[Source information — start]

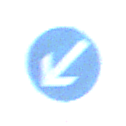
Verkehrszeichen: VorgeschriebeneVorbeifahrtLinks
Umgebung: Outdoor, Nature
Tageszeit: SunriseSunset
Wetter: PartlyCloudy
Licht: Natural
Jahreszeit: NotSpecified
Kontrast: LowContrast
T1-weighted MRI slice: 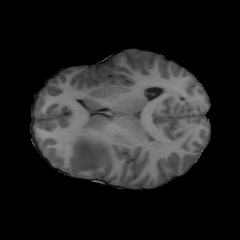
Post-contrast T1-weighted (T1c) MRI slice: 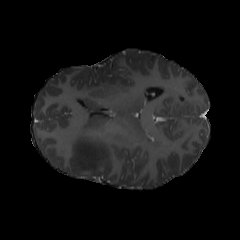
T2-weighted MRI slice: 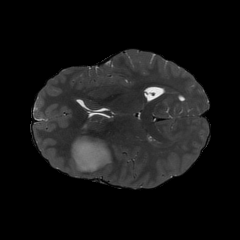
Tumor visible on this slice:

[Source information — finish]
[Source information — start]

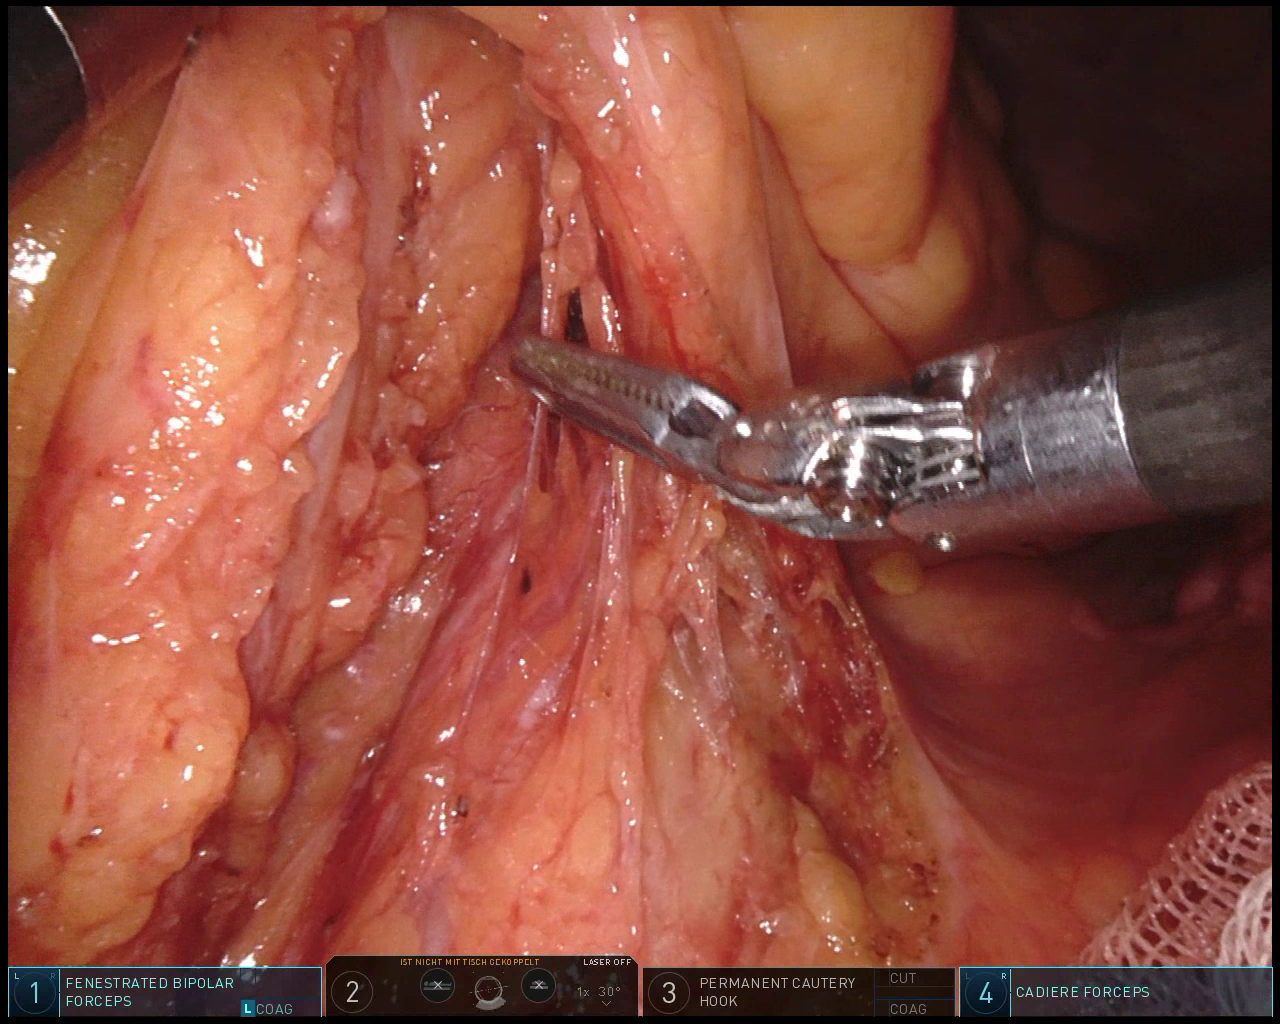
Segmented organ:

[Source information — finish]

Exercise requirements
Start with the line with "Post-contrast T1-weighted (T1c)" in the listing above and stop after the line with "Tumor visible on". Write out exactly the lines in that stretch and no others, without pictures.

Exercise response
Post-contrast T1-weighted (T1c) MRI slice: 
T2-weighted MRI slice: 
Tumor visible on this slice:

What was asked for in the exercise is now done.